The tool leak and the prompt injection were goal hijack and tool misuse. The memory poisoning I tried and could not land is its own category, and the report confirms why it is so nasty when it does land. A false fact planted once persists across every future session. The agent treats its own memory as trusted. The rate limit hole was tool misuse again, the bill-spike kind. The destructive tool was the same. The wall that held, the per-user isolation, is the identity category, and the report calls identity the widest gap between how bad it is and how ready anyone is.
That last one is the number that stopped me. Non-human identities outnumber humans in most companies by a hundred to one. In some, five hundred to one. One report they cite found that 97 percent of these machine identities carry more privilege than they need. A tiny fraction of them control most of the cloud. We built decades of tooling to manage who a human is and what they can do. Agents inherited all of that complexity and almost none of the tooling.
What Nobody Has Solved
The honest part of the report is the end, where it lists what has no answer yet.

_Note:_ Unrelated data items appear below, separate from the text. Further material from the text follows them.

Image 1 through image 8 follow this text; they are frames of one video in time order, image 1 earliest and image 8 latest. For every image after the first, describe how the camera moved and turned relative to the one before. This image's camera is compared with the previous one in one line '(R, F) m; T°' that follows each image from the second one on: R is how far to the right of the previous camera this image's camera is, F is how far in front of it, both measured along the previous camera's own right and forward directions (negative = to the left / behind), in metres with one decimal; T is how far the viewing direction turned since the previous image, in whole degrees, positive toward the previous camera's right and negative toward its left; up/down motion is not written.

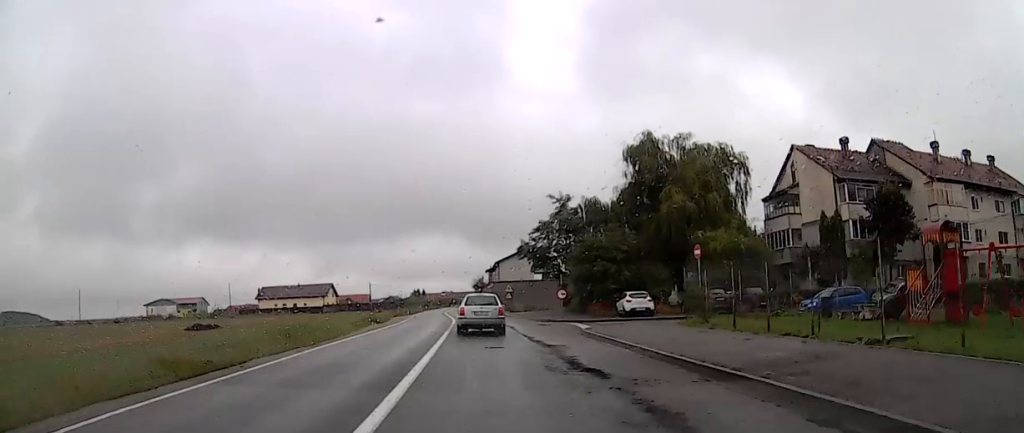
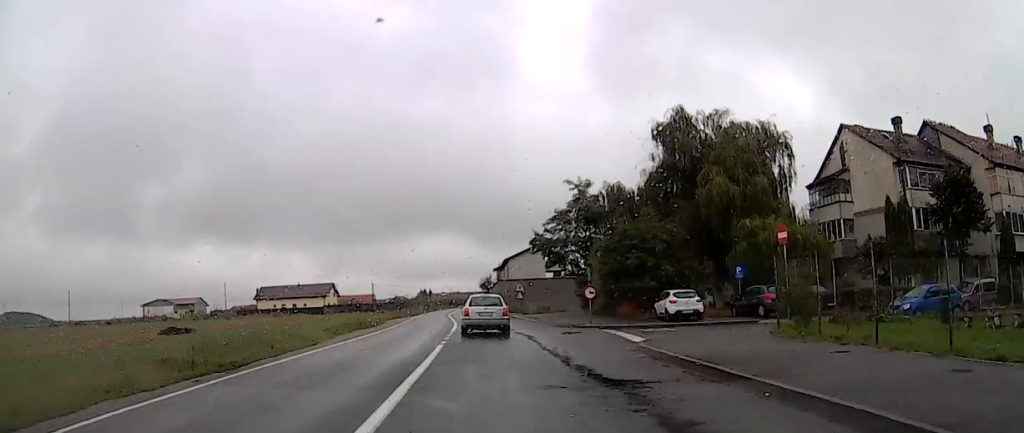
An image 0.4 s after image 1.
(0.0, +7.1) m; 0°
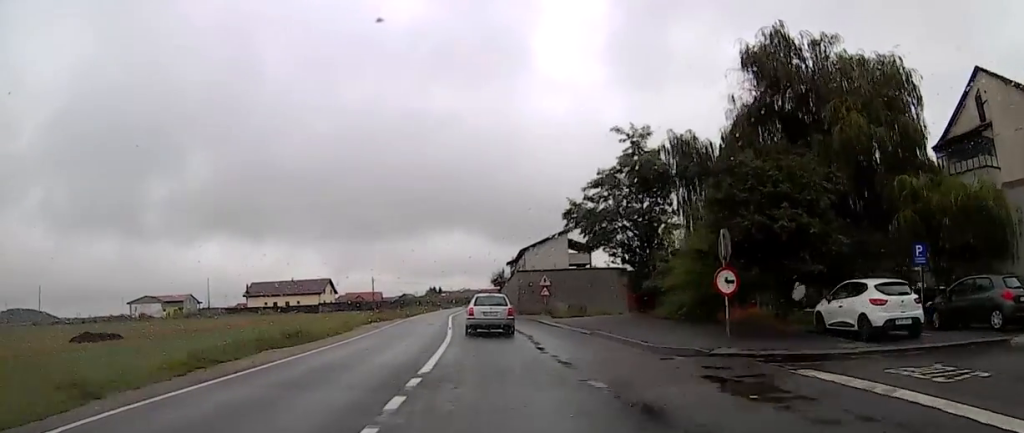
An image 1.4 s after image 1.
(0.0, +15.9) m; -2°
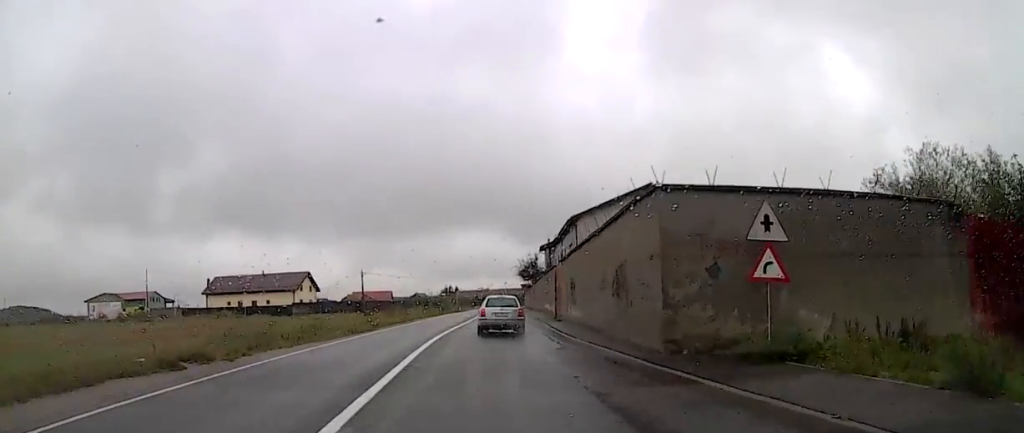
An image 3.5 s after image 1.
(-1.6, +35.1) m; +1°
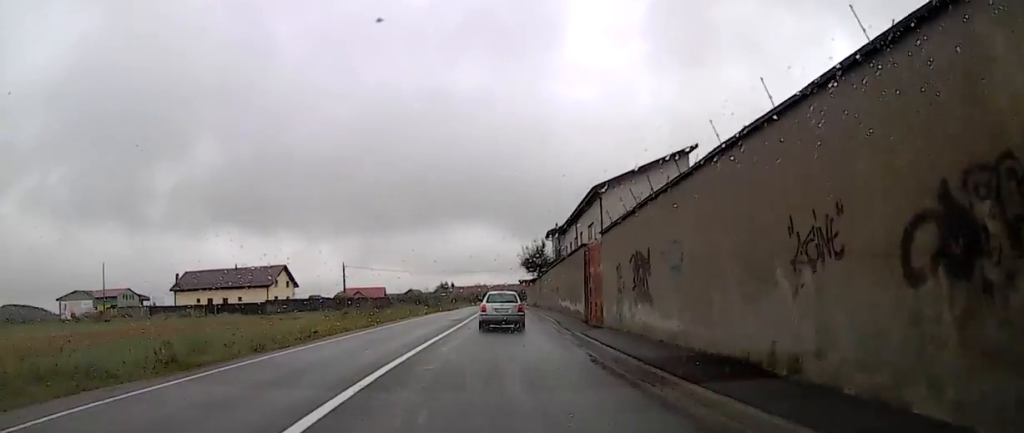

You cannot certify an agent before you deploy it, because it composes its behavior at runtime. The thing you would assure was not there at assessment time. Human oversight does not scale, because an agent doing ten thousand actions an hour against a reviewer who can check fifty covers half a percent of the decisions. And the rules are a mess, with one incident able to trip three regulators at once, each with a different clock.
I do not have answers to those either. What I have is five small rounds against one small app, and a clearer sense now of where they sit. I have been doing by hand, on a coach that helps people lift weights, the thing this report describes happening across the whole industry. The attacks are the same. The boundaries are the same. The reasons they hold or break are the same.
The map is bigger than I thought. The shape of it is exactly what I have been finding one dent at a time.